# WHAT TO DO:
The range runs from the line containing "Weather: PartlyCloudy" to the last line of the entries. Restate those lines word for word, without the pictures.

DATA EXTRACTS section start

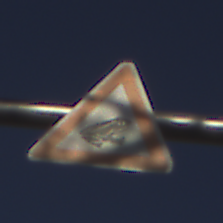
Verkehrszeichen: AmphibienwanderungLinks
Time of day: MorningAfternoon
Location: Outdoor (RoadRail)
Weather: PartlyCloudy
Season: NotSpecified
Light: Natural
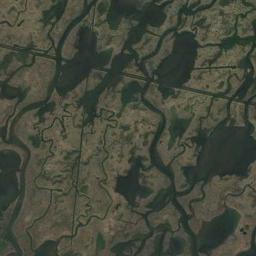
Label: wetland
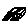
Label: star
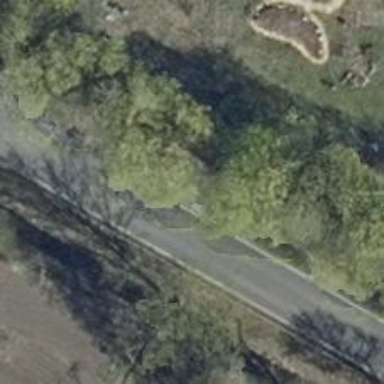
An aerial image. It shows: Asphalt footway.
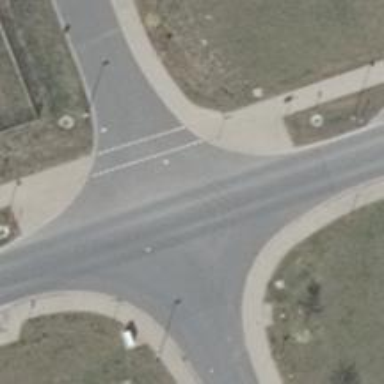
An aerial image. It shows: Unmarked road crossing.
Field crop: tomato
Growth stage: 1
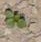
Species: solanum
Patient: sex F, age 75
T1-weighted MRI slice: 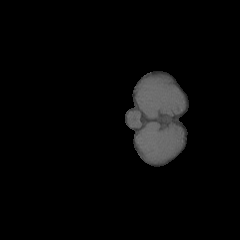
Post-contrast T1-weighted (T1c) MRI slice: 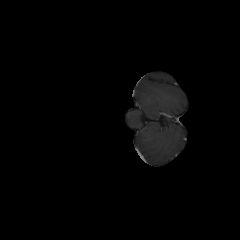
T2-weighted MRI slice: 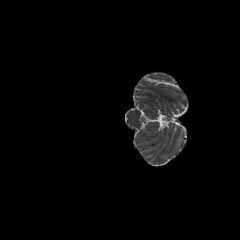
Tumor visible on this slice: no
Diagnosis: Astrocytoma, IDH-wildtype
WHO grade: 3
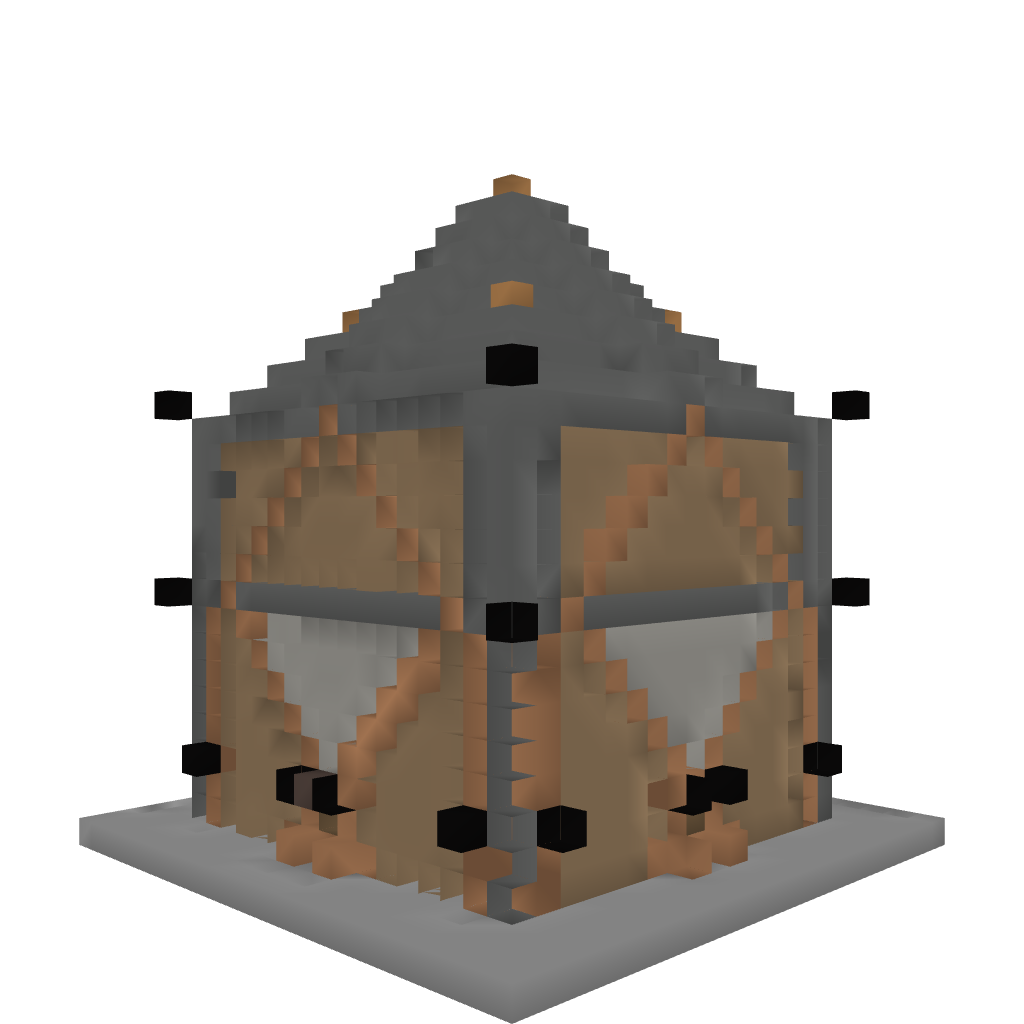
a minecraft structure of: Coco Bean Farm

DATA EXTRACTS section end

# RESPONSE TO THIS TASK:
Weather: PartlyCloudy
Season: NotSpecified
Light: Natural
Label: wetland
Label: star
An aerial image. It shows: Asphalt footway.
An aerial image. It shows: Unmarked road crossing.
Field crop: tomato
Growth stage: 1
Species: solanum
Patient: sex F, age 75
T1-weighted MRI slice: 
Post-contrast T1-weighted (T1c) MRI slice: 
T2-weighted MRI slice: 
Tumor visible on this slice: no
Diagnosis: Astrocytoma, IDH-wildtype
WHO grade: 3
a minecraft structure of: Coco Bean Farm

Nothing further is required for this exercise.